In a recent paper titled “Game Engine Learning from Video,” the team describes an AI system that can re-create the game engine of titles like Super Mario Bros. just by watching it being played. The system doesn’t have access to the code; it just looks at the pixels and learns. The re-creations it makes are glitchy, but passable.

It’s a first in the world of AI video gaming, but there are important caveats and limitations for the research. For a start, the AI system isn’t learning everything about the game from scratch. It’s supplied with two important sets of information: first, a visual dictionary featuring all the sprites in the game; and second, a set of basic concepts, like the position of objects and their velocity, which it uses to analyze what it sees. With these tools in hand, the AI breaks down the gameplay frame-by-frame, labels what it sees, and looks for rules that explain the action.

On the left is the original Mega Man; on the right is the AI-powered reconstruction.
On the left is the original Mega Man; on the right is the AI-powered reconstruction.
Image: Georgia Tech

“For each frame of the video we have a parser which goes through and collects the facts. What animation state Mario is in, for example, or what velocities things are moving at,” Matthew Guzdial, the lead author of the paper, tells The Verge. “So imagine the case where Mario is just above a Goomba in one frame, and then the next frame the Goomba Is gone. From that it comes up with the rule that when Mario is just above the Goomba and his velocity is negative, the Goomba disappears.” 

Over time, the system builds up all small rules, recording them as a series of logic statements (e.g., if this, then that) and combining them to approximate the game engine. These rules can be exported and converted into a number of programming languages which are used to re-create the game itself.

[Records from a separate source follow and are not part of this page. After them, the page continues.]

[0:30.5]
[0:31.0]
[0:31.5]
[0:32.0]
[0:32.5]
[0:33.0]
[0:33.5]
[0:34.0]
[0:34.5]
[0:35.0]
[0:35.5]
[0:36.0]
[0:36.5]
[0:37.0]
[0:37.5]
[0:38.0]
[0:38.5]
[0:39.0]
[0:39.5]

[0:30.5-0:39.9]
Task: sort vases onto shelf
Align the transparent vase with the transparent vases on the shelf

Right now, the system is limited to working on 2D platformers. That’s because it relies on humans to define what can happen in any particular game. (A term known as “action states.”) Defining all this information for a 3D game would take a lot more time, as well as more advanced machine vision tools.

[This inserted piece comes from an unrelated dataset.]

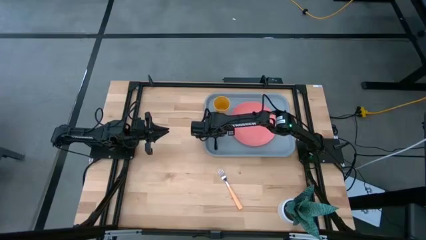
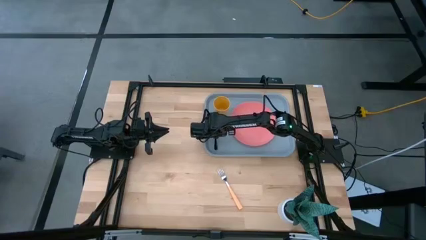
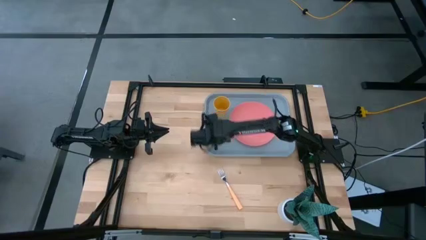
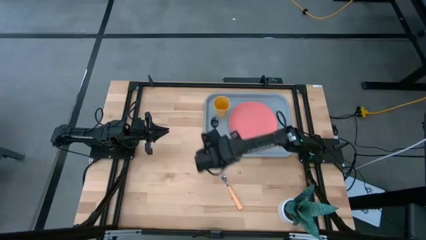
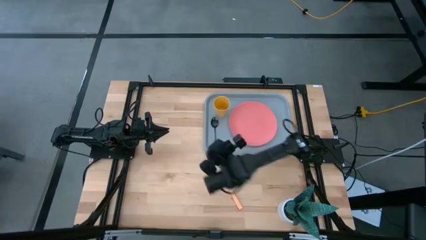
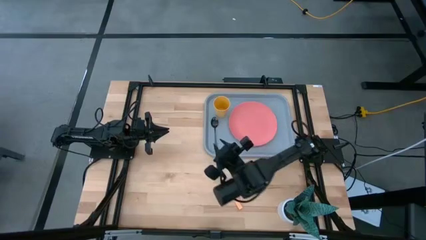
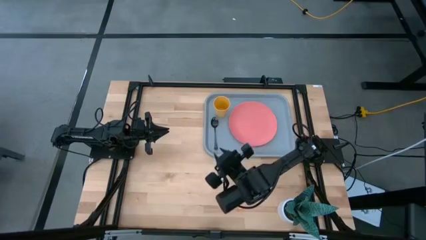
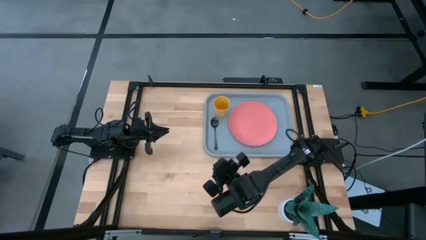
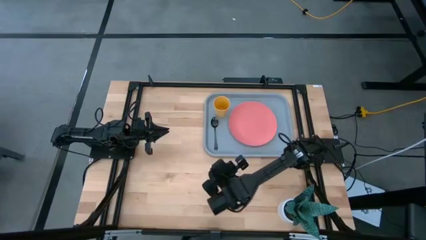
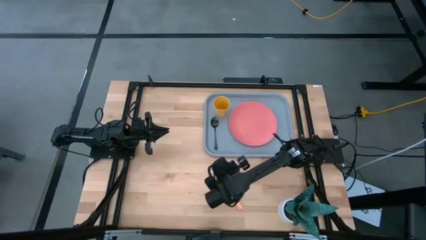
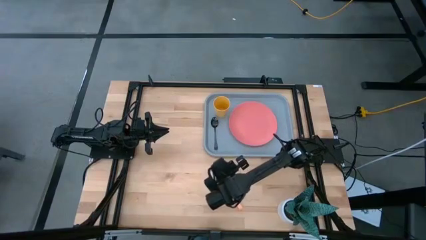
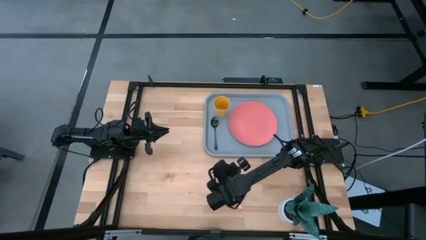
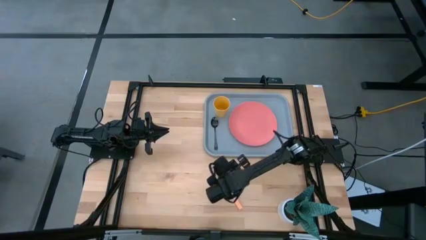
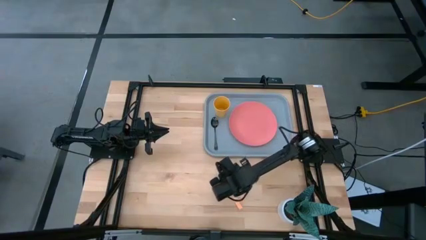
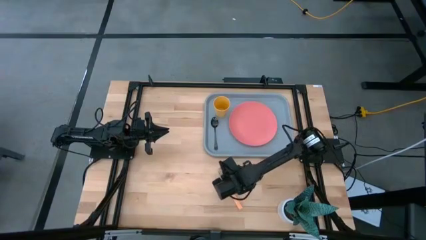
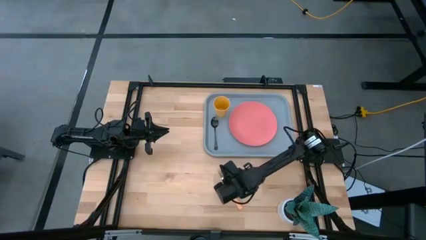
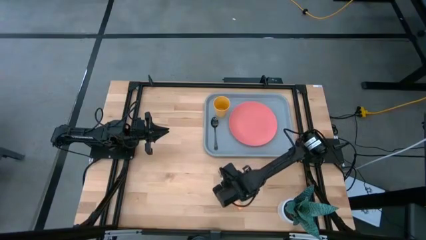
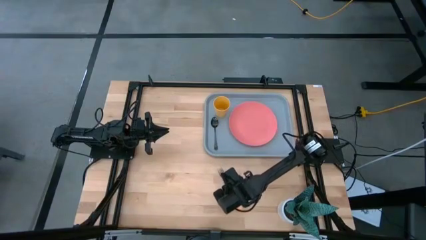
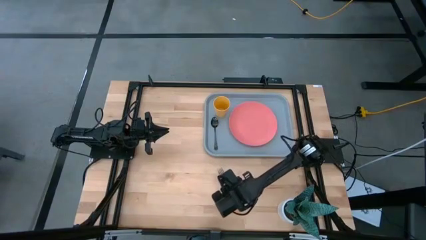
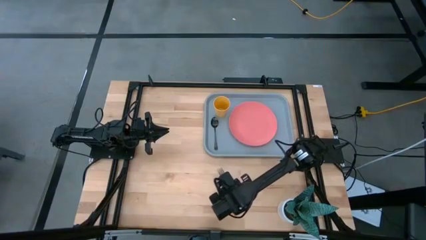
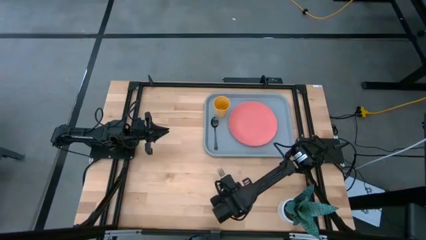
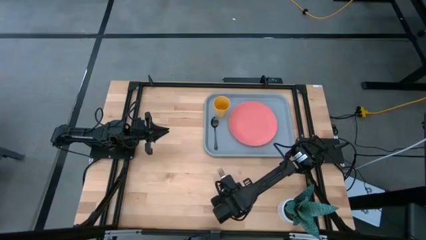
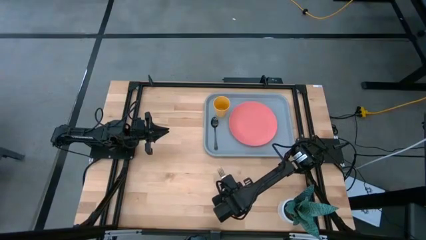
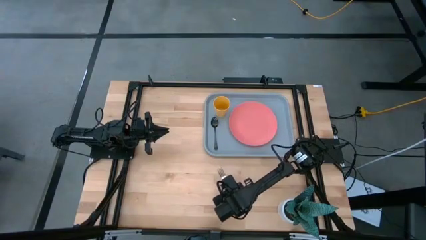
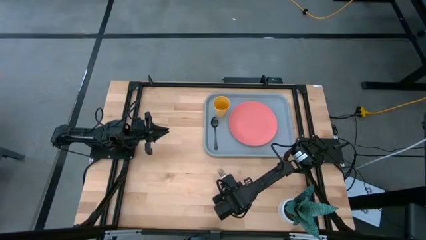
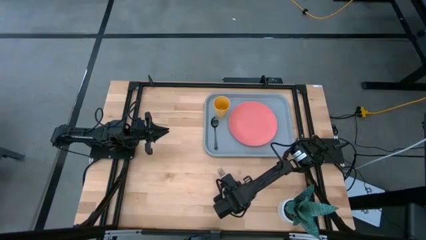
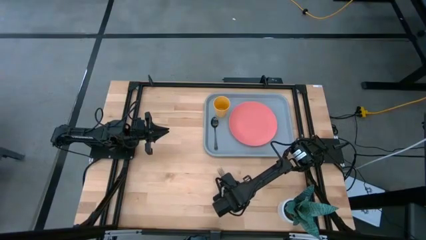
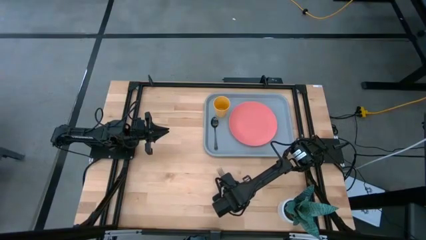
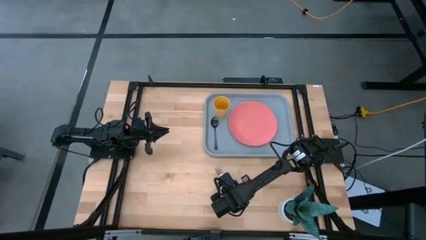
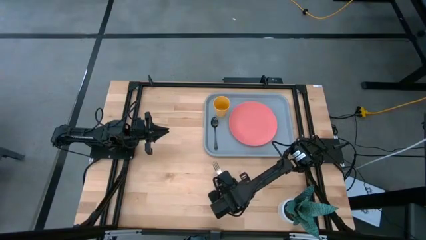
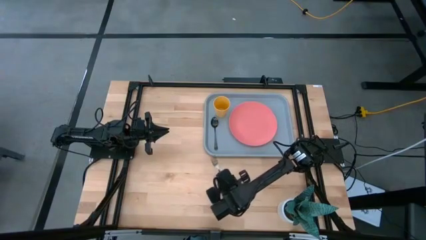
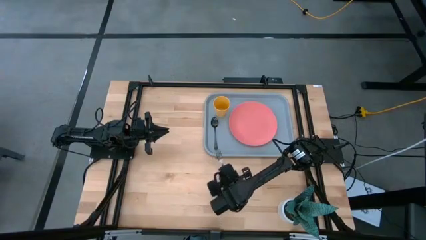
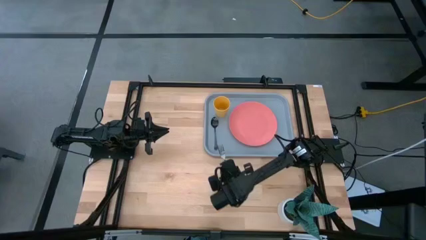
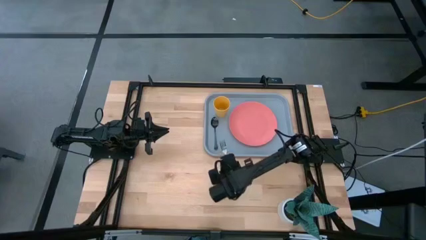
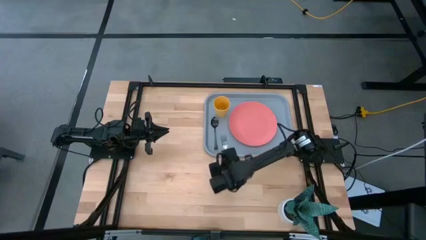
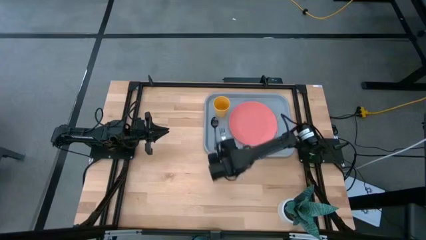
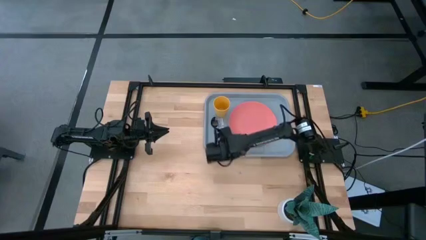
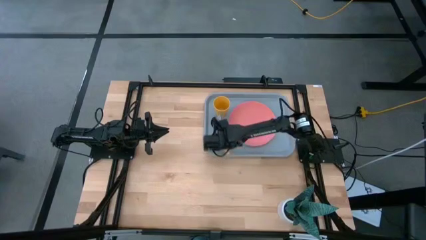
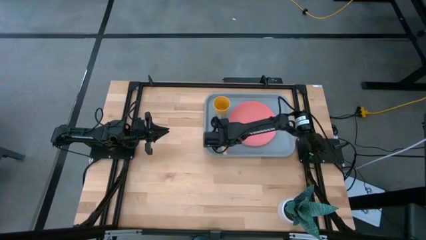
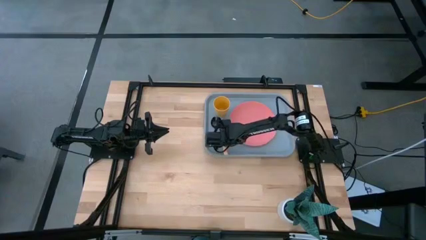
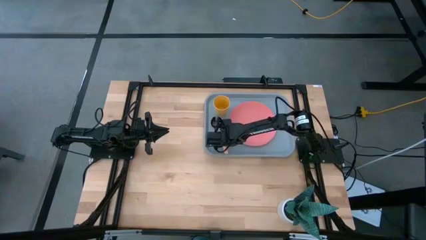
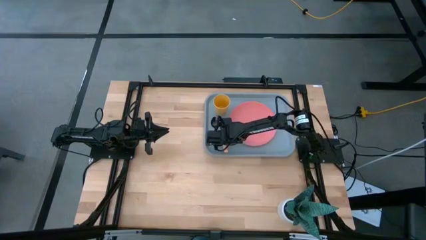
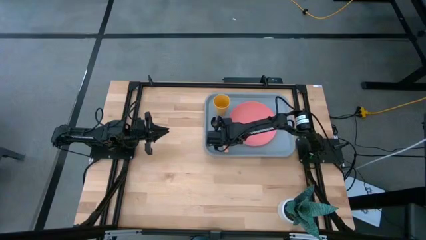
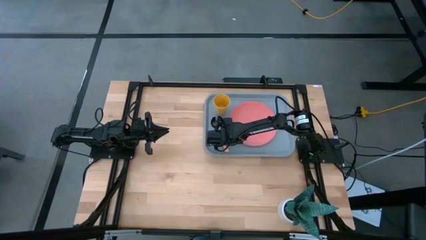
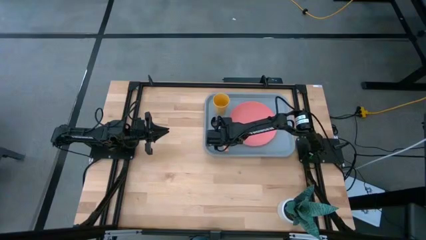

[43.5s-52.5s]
Task: Pick and place plate/cup/fork/spoon on tray
Put the yellow fork on the gray tray to the right of the black spoon

In the future, though, the team from Georgia Tech thinks technology like this could be used to work out not only how video games work — but real life, too. This would take a number of breakthroughs in the capacity of AI to comprehend the world as humans understand it. (And, of course, that’s infinitely more complex than Super Mario Bros.) But it’s not an impossible idea. “I do think a future version of this could [analyze] limited domains of reality,” says Guzdial. Right now, though, they’re concentrating on Mega Man.